Which workers should compete for it?
How should routing key decide delivery?
Kafka unggul ketika pertanyaannya:
Can many independent consumers read the same event log at their own pace?
Can state be rebuilt by replaying historical events?
Can retention preserve events after consumption?
Queue dan log menyelesaikan masalah berbeda.
3. Exchange
Exchange menerima message dari producer.
Exchange tidak menyimpan message untuk consumer secara langsung.
Ia merutekan message ke queue berdasarkan type dan binding.
Type umum:
- direct
- topic
- fanout
- headers
Mental model:
exchange decides routing
queue stores pending delivery
consumer consumes from queue
4. Direct Exchange
Direct exchange route berdasarkan exact routing key.
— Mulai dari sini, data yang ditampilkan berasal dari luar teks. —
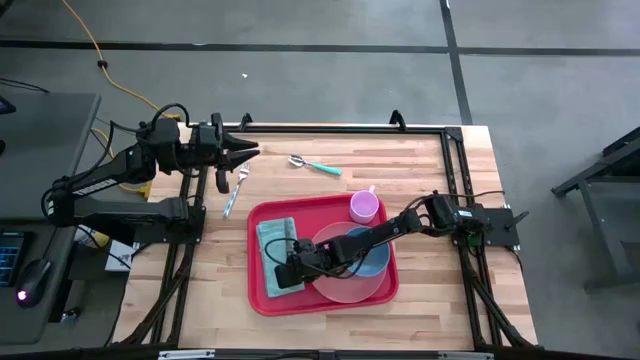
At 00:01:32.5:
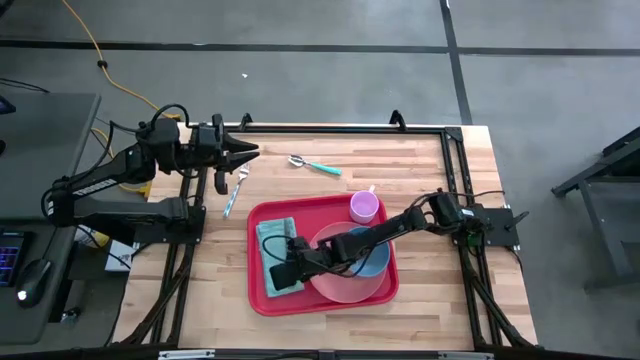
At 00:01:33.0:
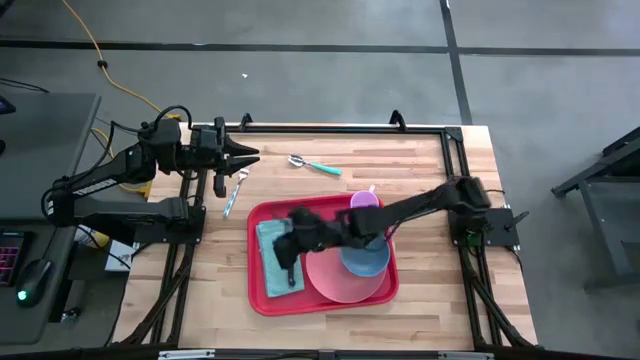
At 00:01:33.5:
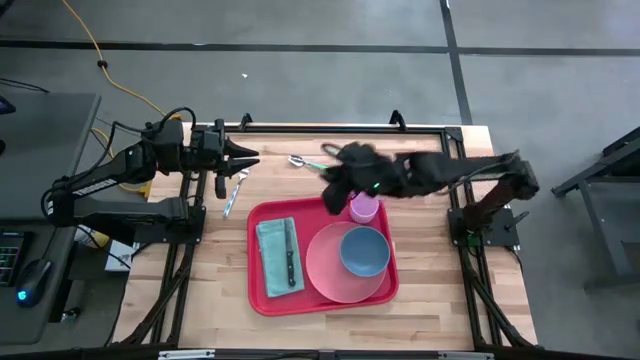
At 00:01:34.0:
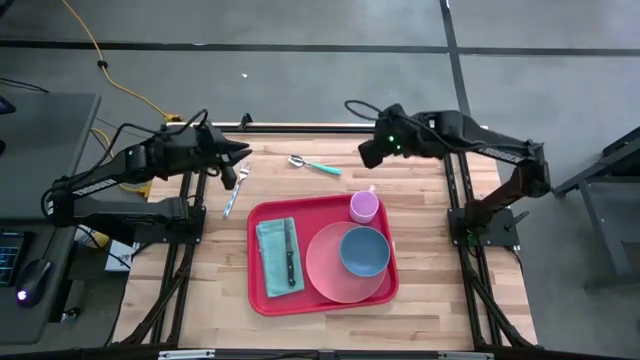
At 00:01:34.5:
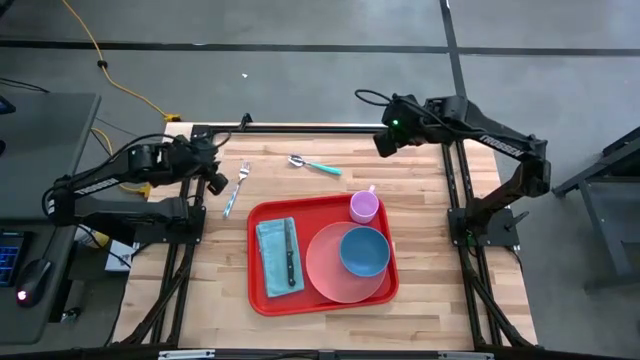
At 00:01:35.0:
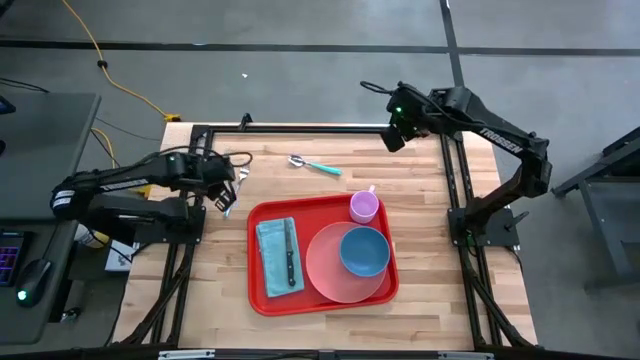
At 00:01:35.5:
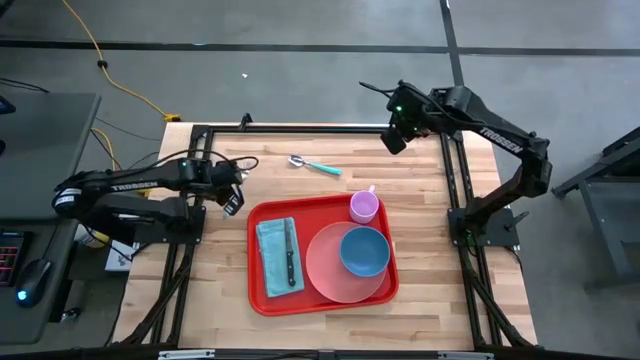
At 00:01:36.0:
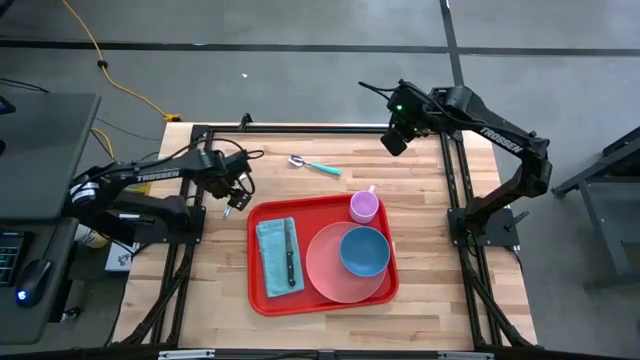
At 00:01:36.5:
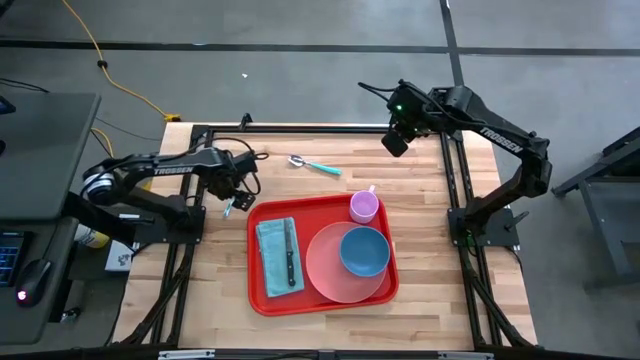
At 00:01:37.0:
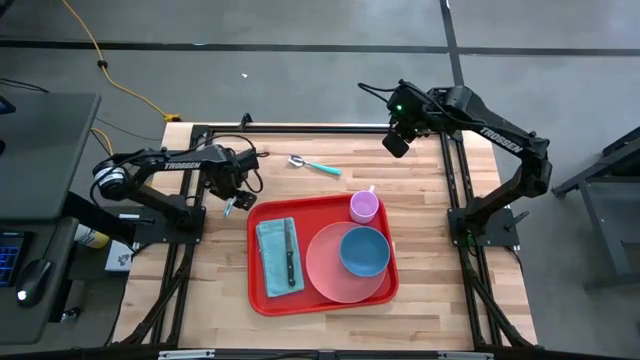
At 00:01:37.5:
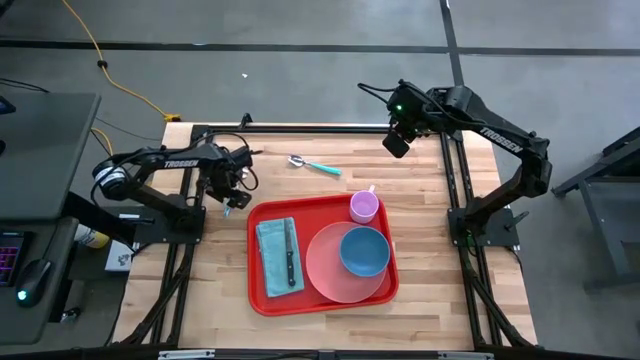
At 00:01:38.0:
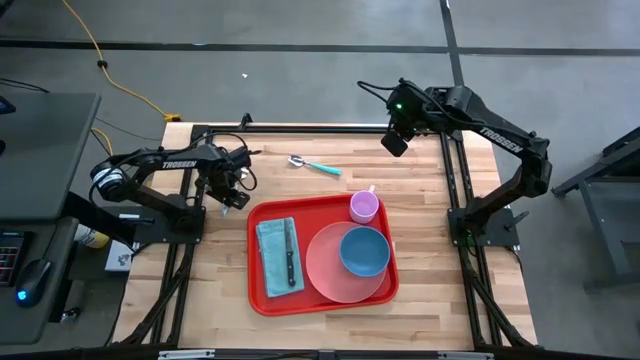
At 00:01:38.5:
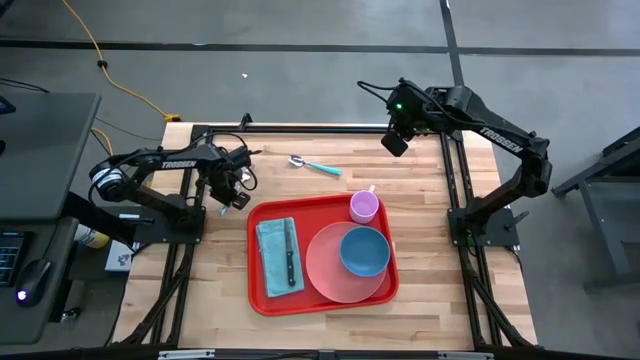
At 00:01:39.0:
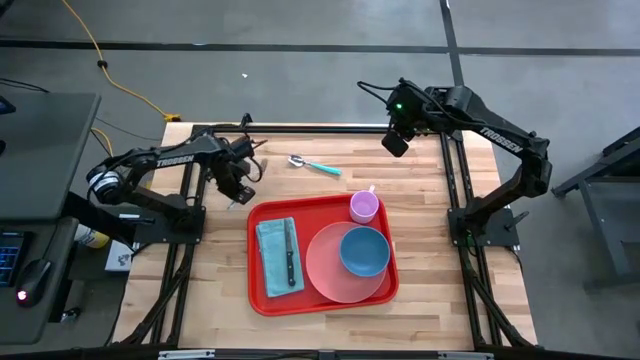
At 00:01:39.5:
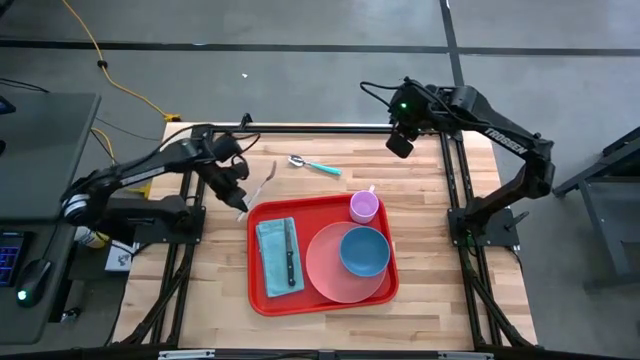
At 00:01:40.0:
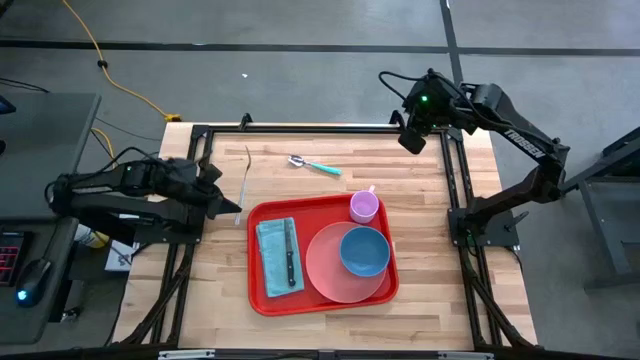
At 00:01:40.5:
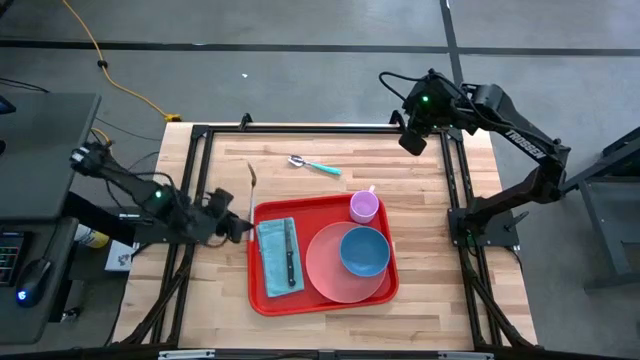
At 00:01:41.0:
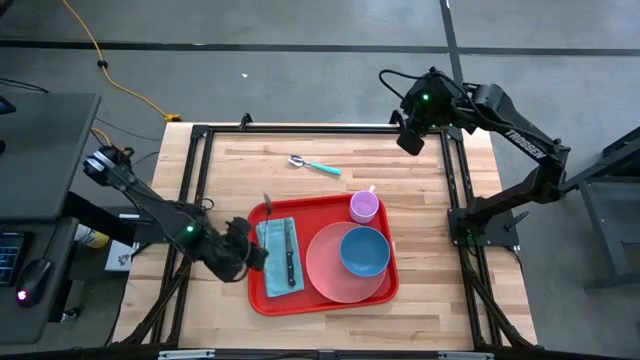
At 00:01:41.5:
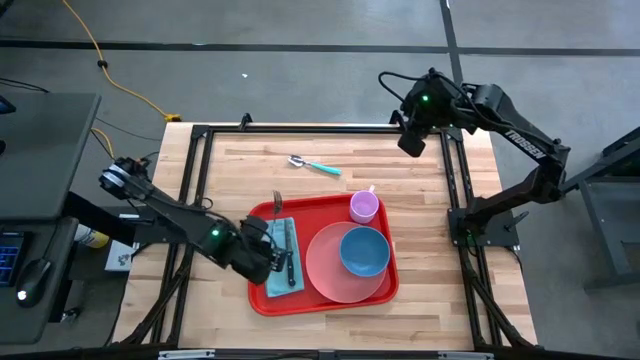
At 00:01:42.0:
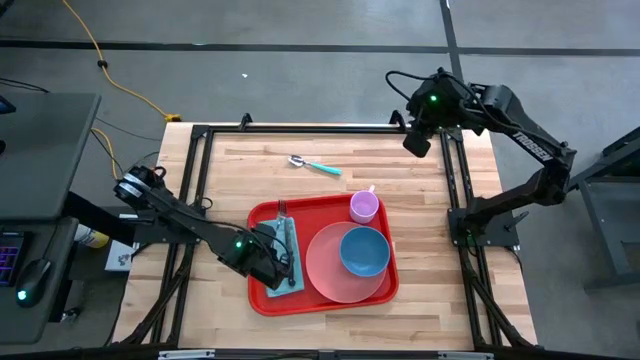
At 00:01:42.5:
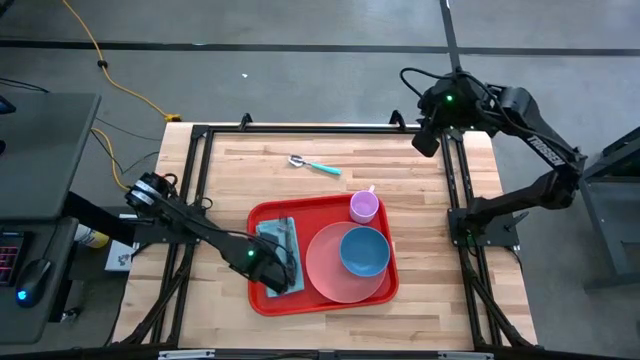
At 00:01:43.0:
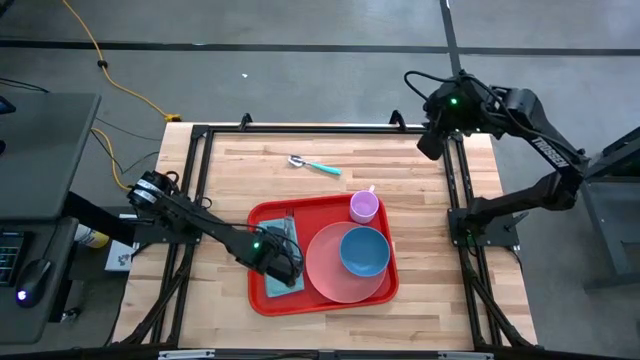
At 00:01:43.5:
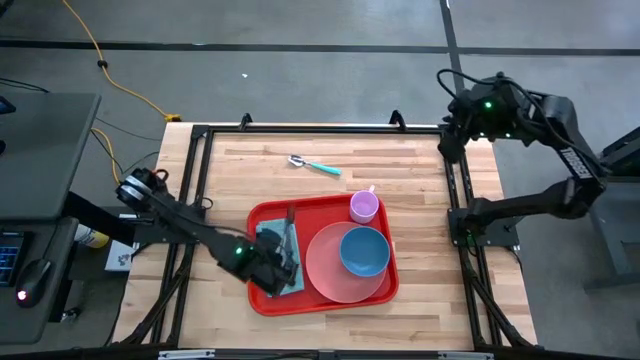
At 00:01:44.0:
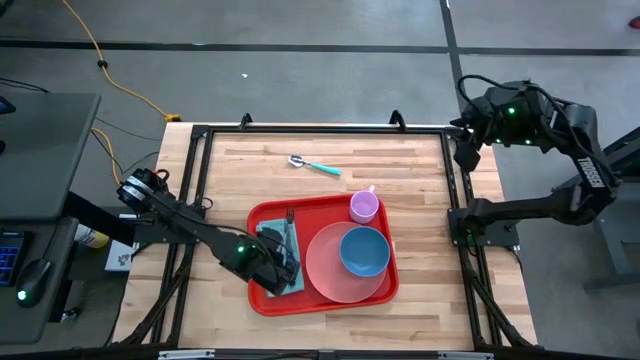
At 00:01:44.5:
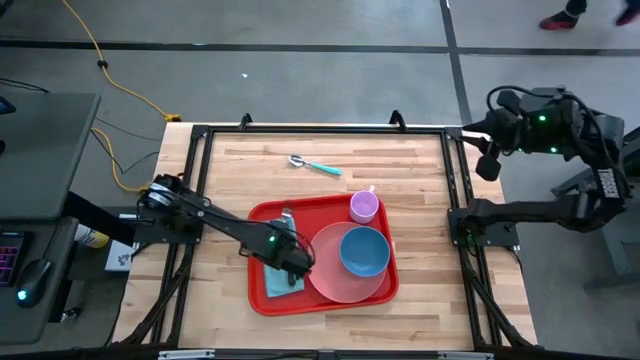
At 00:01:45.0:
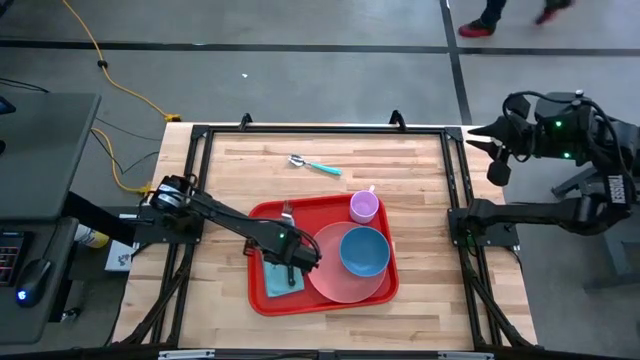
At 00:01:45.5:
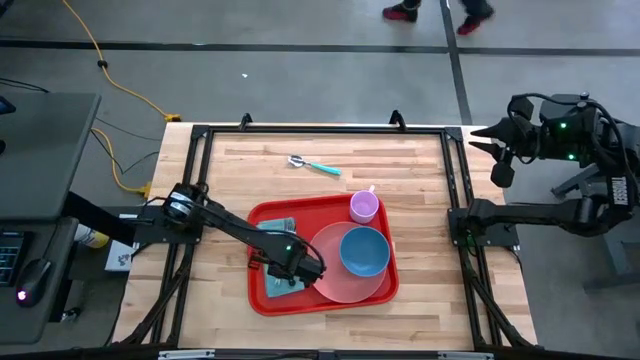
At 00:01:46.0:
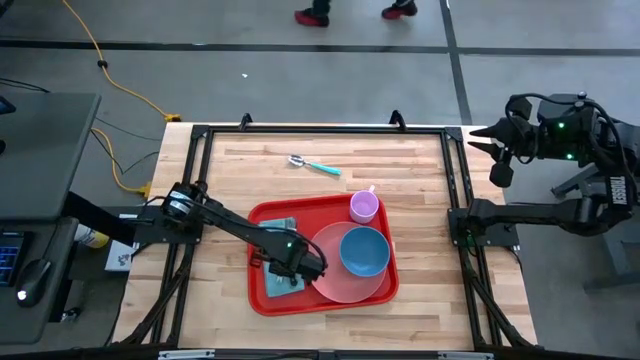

routingKey = order.created
Cocok untuk routing command/event sederhana.
Contoh:
order.command.exchange
routing key: order.submit
-> order-submit-queue
5. Topic Exchange
Topic exchange route berdasarkan pattern.
order.*
order.created
order.cancelled
quote.#
Cocok untuk event category routing.
Risiko:
- wildcard terlalu luas
- consumer menerima message tidak diharapkan
- routing governance memburuk
- naming convention tidak konsisten
6. Fanout Exchange
Fanout mengirim message ke semua queue yang terikat.
Cocok untuk broadcast sederhana.
Tetapi untuk event enterprise dengan banyak consumer independen dan replay requirement, Kafka-style log sering lebih natural.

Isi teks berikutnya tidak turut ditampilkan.